Self-Hosted (OpenAI-Compatible)
Local endpoints such as Ollama, vLLM, LM Studio, or LocalAI are supported via the SelfHosted provider. Model IDs and limits are defined by your local runtime, and costs are not computed.
OpenAI
| Model | Maximum Input Tokens | Cost of 1M Input Tokens |
|---|---|---|
| GPT-5.2 | 400,000 | $1.75 |
| GPT-5.1 | 400,000 | $1.25 |
| GPT-5 | 400,000 | $1.25 |
| GPT-5 Mini | 128,000 | $0.25 |
| GPT-5 Nano | 128,000 | $0.05 |
| o4 Mini | 200,000 | $1.10 |
| o3 Mini | 200,000 | $1.10 |
| o3 | 200,000 | $2.00 |
| o1 Mini | 128,000 | $1.10 |
| o1 | 200,000 | $15.00 |
| GPT-4.1 Nano | 1,000,000 | $0.10 |
| GPT-4.1 Mini | 1,000,000 | $0.40 |
| GPT-4.1 | 1,000,000 | $2.00 |
| GPT-4o Mini | 128,000 | $0.15 |
| GPT-4o | 128,000 | $2.50 |
| GPT-4 Turbo | 128,000 | $10.00 |
| GPT-3.5 Turbo | 16,385 | $0.50 |
Anthropic
| Model | Maximum Input Tokens | Cost of 1M Input Tokens |
|---|---|---|
| Claude 4.5 Opus | 200,000 | $15.00 |
| Claude 4.5 Sonnet | 200,000 | $3.00 |
| Claude 4.5 Haiku | 200,000 | $1.00 |
| Claude 4.0 Opus | 200,000 | $15.00 |
| Claude 4.0 Sonnet | 200,000 | $3.00 |
| Claude 3.7 Sonnet | 200,000 | $3.00 |
| Claude 3.5 Haiku | 200,000 | $0.80 |
| Claude 3 Opus | 200,000 | $15.00 |
| Claude 3.5 Sonnet | 200,000 | $3.00 |
| Claude 3 Haiku | 200,000 | $0.25 |
Cohere
| Model | Maximum Input Tokens | Cost of 1M Input Tokens |
|---|---|---|
| Command A | 256,000 | $2.5 |
| Command A Reasoning | 256,000 | Free (preview) |
| Command R+ | 128,000 | $2.50 |
| Command R7B | 128,000 | $0.0375 |
| Command R, August 2024 | 128,000 | $0.15 |
| Command R | 128,000 | $0.15 |
| Command Light | 4,096 | $0.30 |
| Command | 4,096 | $1.00 |
Perplexity
Perplexity Sonar models with real-time web search capabilities. OpenAI-compatible API.
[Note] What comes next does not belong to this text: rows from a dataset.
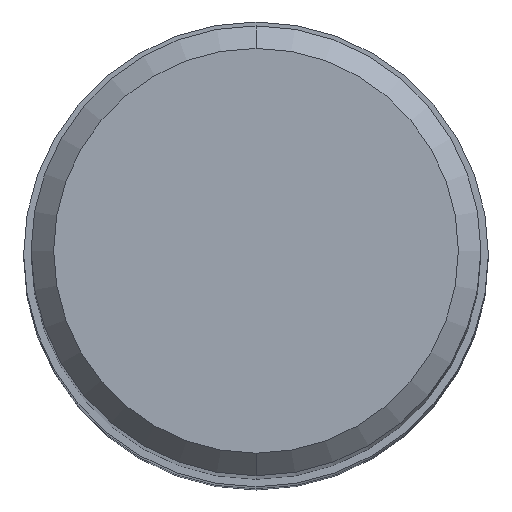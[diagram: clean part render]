
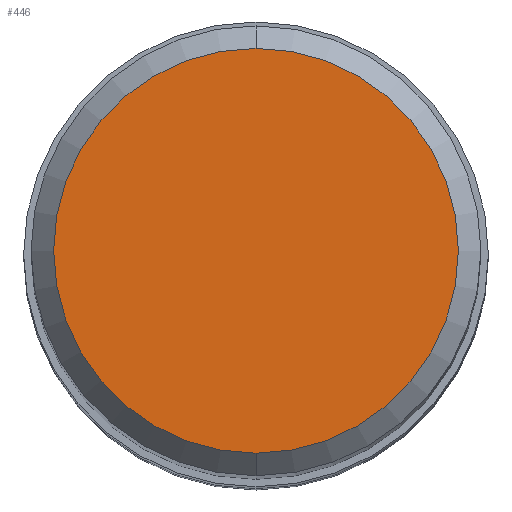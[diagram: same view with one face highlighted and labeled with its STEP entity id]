
A CAD part, top view. The second image highlights one B-rep face of the part: STEP entity #446.
In plain terms, the highlighted planar face has unit normal (0, 0, 1).
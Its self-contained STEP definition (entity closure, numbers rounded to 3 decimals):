
#178=EDGE_CURVE('',#258,#352,#480,.T.);
#258=VERTEX_POINT('',#571);
#308=EDGE_CURVE('',#352,#258,#629,.T.);
#352=VERTEX_POINT('',#676);
#446=ADVANCED_FACE('',(#776),#777,.T.);
#480=CIRCLE('',#806,5.4);
#571=CARTESIAN_POINT('',(0.0,5.4,0.0));
#629=CIRCLE('',#1088,5.4);
#676=CARTESIAN_POINT('',(0.,-5.4,0.0));
#776=FACE_OUTER_BOUND('',#1469,.T.);
#777=PLANE('',#1470);
#806=AXIS2_PLACEMENT_3D('',#1491,#1492,#1493);
#1088=AXIS2_PLACEMENT_3D('',#1698,#1699,#1700);
#1469=EDGE_LOOP('',(#1822,#1823));
#1470=AXIS2_PLACEMENT_3D('',#1824,#1825,#1826);
#1491=CARTESIAN_POINT('',(0.0,0.0,0.0));
#1492=DIRECTION('',(0.0,0.0,-1.0));
#1493=DIRECTION('',(0.0,1.0,0.0));
#1698=CARTESIAN_POINT('',(0.0,0.0,0.0));
#1699=DIRECTION('',(0.0,0.0,-1.0));
#1700=DIRECTION('',(0.0,1.0,0.0));
#1822=ORIENTED_EDGE('',*,*,#178,.F.);
#1823=ORIENTED_EDGE('',*,*,#308,.F.);
#1824=CARTESIAN_POINT('',(0.0,2.7,0.0));
#1825=DIRECTION('',(-0.0,0.0,1.0));
#1826=DIRECTION('',(0.0,-1.0,0.0));
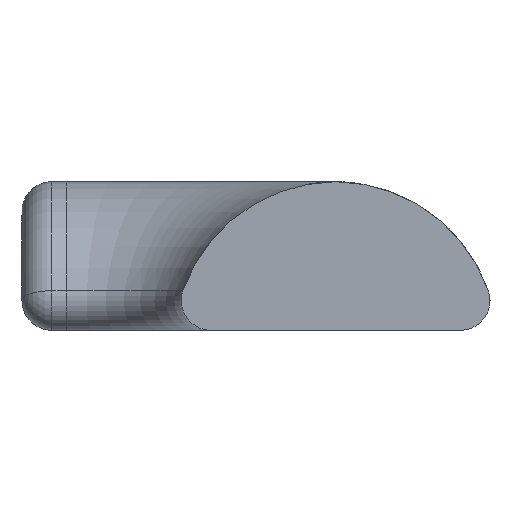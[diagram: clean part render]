
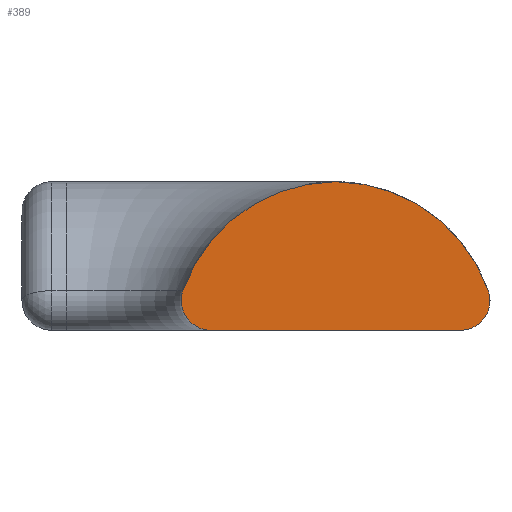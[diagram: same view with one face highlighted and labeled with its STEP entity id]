
A CAD part, left-side view. The second image highlights one B-rep face of the part: STEP entity #389.
In plain terms, the highlighted planar face has unit normal (-1, 0, 0).
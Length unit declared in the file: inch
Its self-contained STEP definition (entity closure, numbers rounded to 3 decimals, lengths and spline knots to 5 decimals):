
#19=PLANE('',#446);
#26=LINE('',#744,#45);
#45=VECTOR('',#530,39.37008);
#96=FACE_OUTER_BOUND('',#124,.T.);
#124=EDGE_LOOP('',(#287,#288,#289,#290,#291));
#156=CIRCLE('',#442,0.125);
#159=CIRCLE('',#447,0.6875);
#160=CIRCLE('',#448,0.125);
#161=CIRCLE('',#449,0.6875);
#191=VERTEX_POINT('',#724);
#192=VERTEX_POINT('',#726);
#197=VERTEX_POINT('',#739);
#198=VERTEX_POINT('',#740);
#199=VERTEX_POINT('',#742);
#225=EDGE_CURVE('',#192,#191,#156,.T.);
#231=EDGE_CURVE('',#197,#198,#159,.T.);
#232=EDGE_CURVE('',#198,#199,#160,.T.);
#233=EDGE_CURVE('',#192,#199,#26,.T.);
#234=EDGE_CURVE('',#191,#197,#161,.T.);
#287=ORIENTED_EDGE('',*,*,#231,.T.);
#288=ORIENTED_EDGE('',*,*,#232,.T.);
#289=ORIENTED_EDGE('',*,*,#233,.F.);
#290=ORIENTED_EDGE('',*,*,#225,.T.);
#291=ORIENTED_EDGE('',*,*,#234,.T.);
#389=ADVANCED_FACE('',(#96),#19,.F.);
#442=AXIS2_PLACEMENT_3D('',#727,#513,#514);
#446=AXIS2_PLACEMENT_3D('',#738,#524,#525);
#447=AXIS2_PLACEMENT_3D('',#741,#526,#527);
#448=AXIS2_PLACEMENT_3D('',#743,#528,#529);
#449=AXIS2_PLACEMENT_3D('',#745,#531,#532);
#513=DIRECTION('center_axis',(-1.,0.,0.));
#514=DIRECTION('ref_axis',(0.,0.,-1.));
#524=DIRECTION('center_axis',(1.,0.,0.));
#525=DIRECTION('ref_axis',(0.,0.,-1.));
#526=DIRECTION('center_axis',(-1.,0.,0.));
#527=DIRECTION('ref_axis',(0.,0.,-1.));
#528=DIRECTION('center_axis',(-1.,0.,0.));
#529=DIRECTION('ref_axis',(0.,0.,-1.));
#530=DIRECTION('',(0.,1.,0.));
#531=DIRECTION('center_axis',(-1.,0.,0.));
#532=DIRECTION('ref_axis',(0.,0.,-1.));
#724=CARTESIAN_POINT('',(0.,0.03932,0.22917));
#726=CARTESIAN_POINT('',(0.,0.15717,0.0625));
#727=CARTESIAN_POINT('Origin',(0.,0.15717,0.1875));
#738=CARTESIAN_POINT('Origin',(0.,0.,0.6875));
#739=CARTESIAN_POINT('',(0.,0.68125,0.68747));
#740=CARTESIAN_POINT('',(0.,1.32318,0.22917));
#741=CARTESIAN_POINT('Origin',(0.,0.675,0.));
#742=CARTESIAN_POINT('',(0.,1.20533,0.0625));
#743=CARTESIAN_POINT('Origin',(0.,1.20533,0.1875));
#744=CARTESIAN_POINT('',(0.,0.,0.0625));
#745=CARTESIAN_POINT('Origin',(0.,0.6875,0.));

| Model | Maximum Input Tokens | Cost of 1M Input Tokens |
|---|---|---|
| Sonar | 128,000 | $1.00 |
| Sonar Pro | 128,000 | $3.00 |
| Sonar Reasoning Pro | 128,000 | $2.00 |
| Sonar Deep Research | 128,000 | $2.00 |
DeepSeek
DeepSeek V3.2 models feature automatic context caching. Cache hit rate: $0.028/M tokens (90% cheaper). Cache miss rate shown below. Maximum output: 8K for chat, 64K for reasoner.
| Model | Maximum Input Tokens | Cost of 1M Input Tokens |
|---|---|---|
| DeepSeek-V3.2-Chat | 128,000 | $0.28 (cache miss) |
| DeepSeek-V3.2-Reasoner | 128,000 | $0.28 (cache miss) |
GoogleAI
| Model | Maximum Input Tokens | Cost of 1M Input Tokens |
|---|---|---|
| Gemini 3 Pro Preview | 1,048,576 | $2.00 (≤200k), $4.00 (>200k) |
| Gemini 3 Flash Preview | 1,048,576 | $0.50 |
| Gemini 2.5 Pro | 1,048,576 | $1.25 (≤200k), $2.50 (>200k) |
| Gemini 2.5 Flash | 1,048,576 | $0.30 |
| Gemini 2.5 Flash-Lite | 1,048,576 | $0.10 |
| Gemini 2.0 Flash Lite | 1,048,576 | $0.075 |
| Gemini 2.0 Flash | 1,048,576 | $0.10 |
| Gemini 1.5 Flash | 1,048,576 | $0.15 |
| Gemini 1.5 Pro | 2,097,152 | $2.50 |
| Gemini 1.0 Pro (deprecated) | 32,760 | $0.50 |
AWS Bedrock (Llama and other models)
AWS Bedrock models are addressed by their Bedrock model IDs. Costs and context limits vary by model and are not tracked by alembica.
Azure AI (Azure OpenAI / Model Catalog)
Azure deployments are addressed by your deployment name in the model field. Costs and limits vary by deployment and are not tracked by alembica.
Vertex AI (Model Garden)
Vertex AI models are addressed by their model IDs in the Model Garden. Costs and context limits vary by model and are not tracked by alembica.